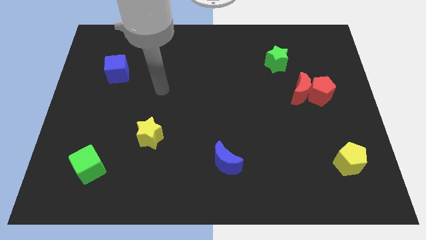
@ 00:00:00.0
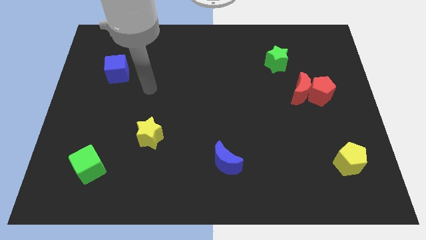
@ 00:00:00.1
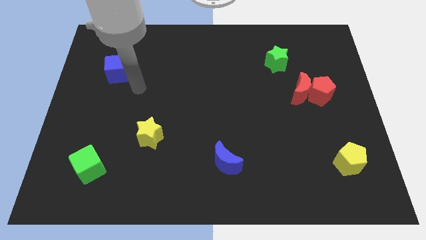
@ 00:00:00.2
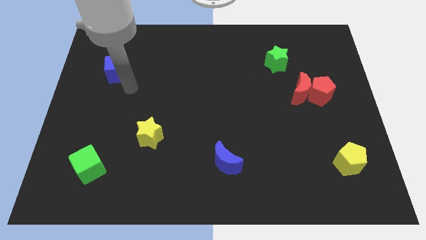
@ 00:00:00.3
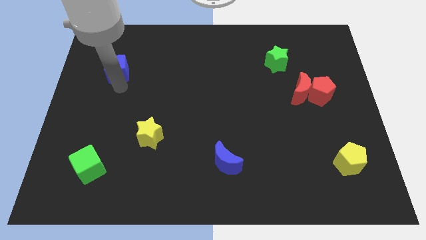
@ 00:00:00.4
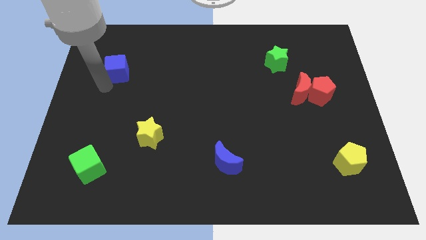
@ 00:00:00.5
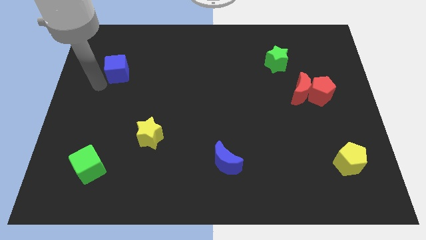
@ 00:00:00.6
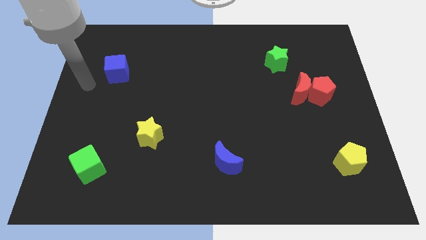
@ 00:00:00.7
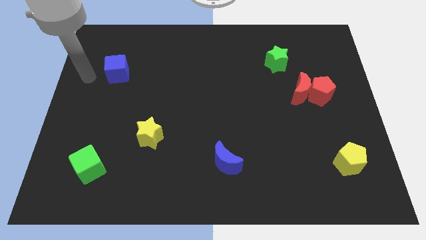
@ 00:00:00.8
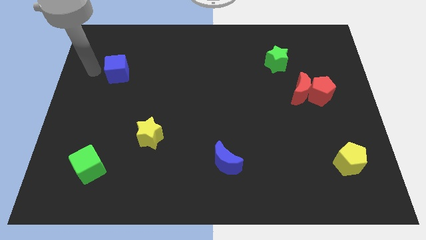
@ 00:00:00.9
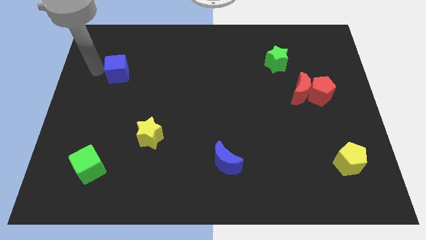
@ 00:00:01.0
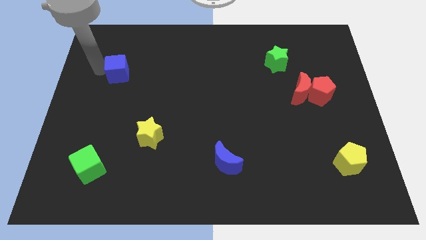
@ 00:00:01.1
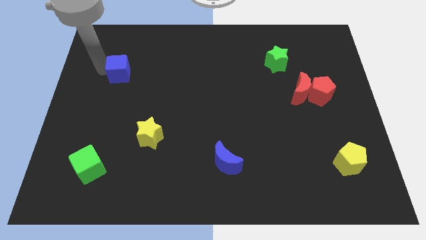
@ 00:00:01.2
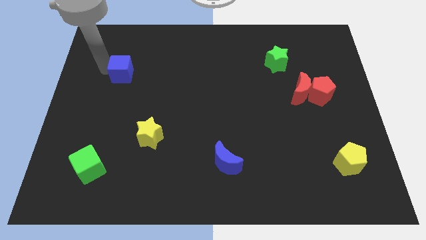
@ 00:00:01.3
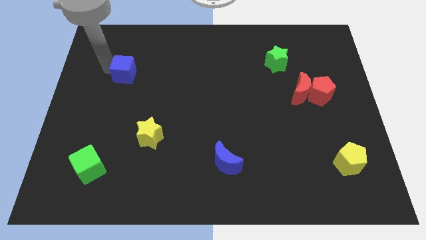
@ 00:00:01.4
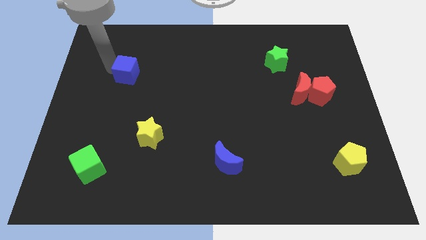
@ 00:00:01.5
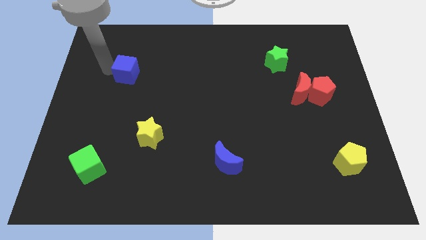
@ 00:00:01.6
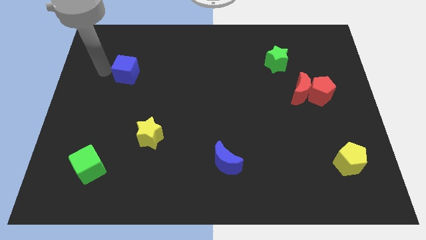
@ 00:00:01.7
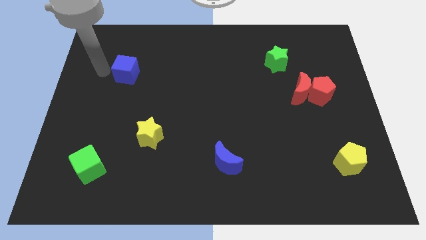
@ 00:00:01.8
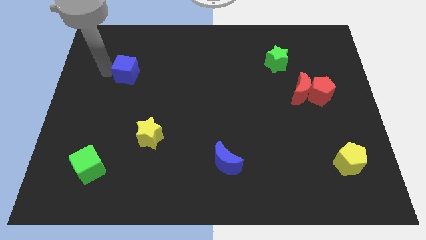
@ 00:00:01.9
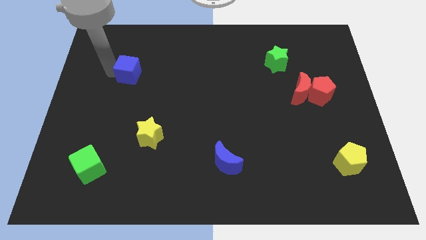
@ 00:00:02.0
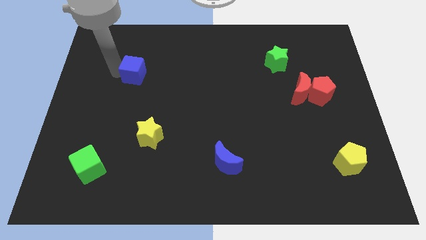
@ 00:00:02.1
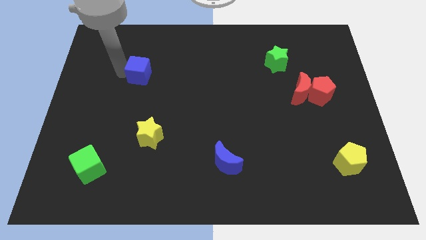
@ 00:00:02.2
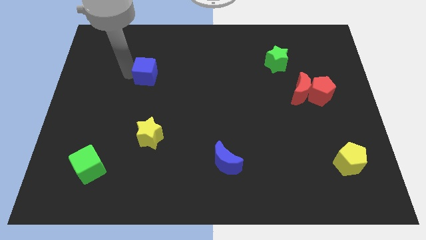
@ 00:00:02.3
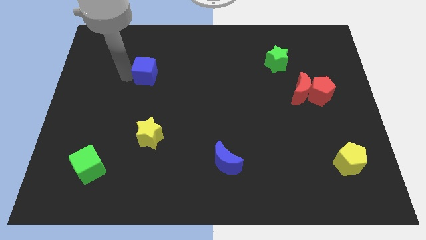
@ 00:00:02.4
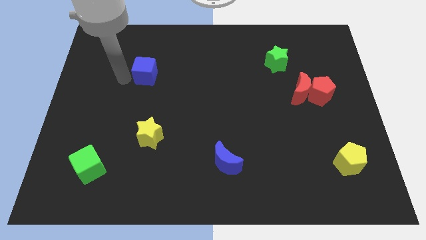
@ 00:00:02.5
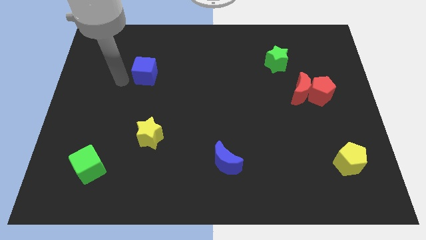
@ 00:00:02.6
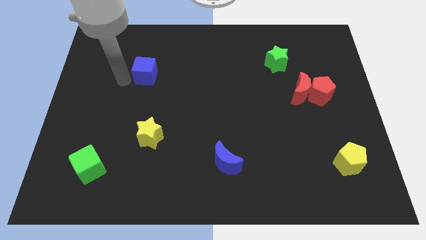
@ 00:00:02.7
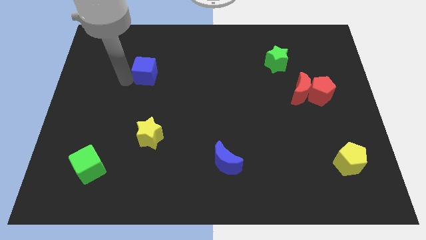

> [THE PROBLEM] When you repeat the data, keep every line exact and drop the images.

> [TASK RESULT]
@ 00:00:00.0
@ 00:00:00.1
@ 00:00:00.2
@ 00:00:00.3
@ 00:00:00.4
@ 00:00:00.5
@ 00:00:00.6
@ 00:00:00.7
@ 00:00:00.8
@ 00:00:00.9
@ 00:00:01.0
@ 00:00:01.1
@ 00:00:01.2
@ 00:00:01.3
@ 00:00:01.4
@ 00:00:01.5
@ 00:00:01.6
@ 00:00:01.7
@ 00:00:01.8
@ 00:00:01.9
@ 00:00:02.0
@ 00:00:02.1
@ 00:00:02.2
@ 00:00:02.3
@ 00:00:02.4
@ 00:00:02.5
@ 00:00:02.6
@ 00:00:02.7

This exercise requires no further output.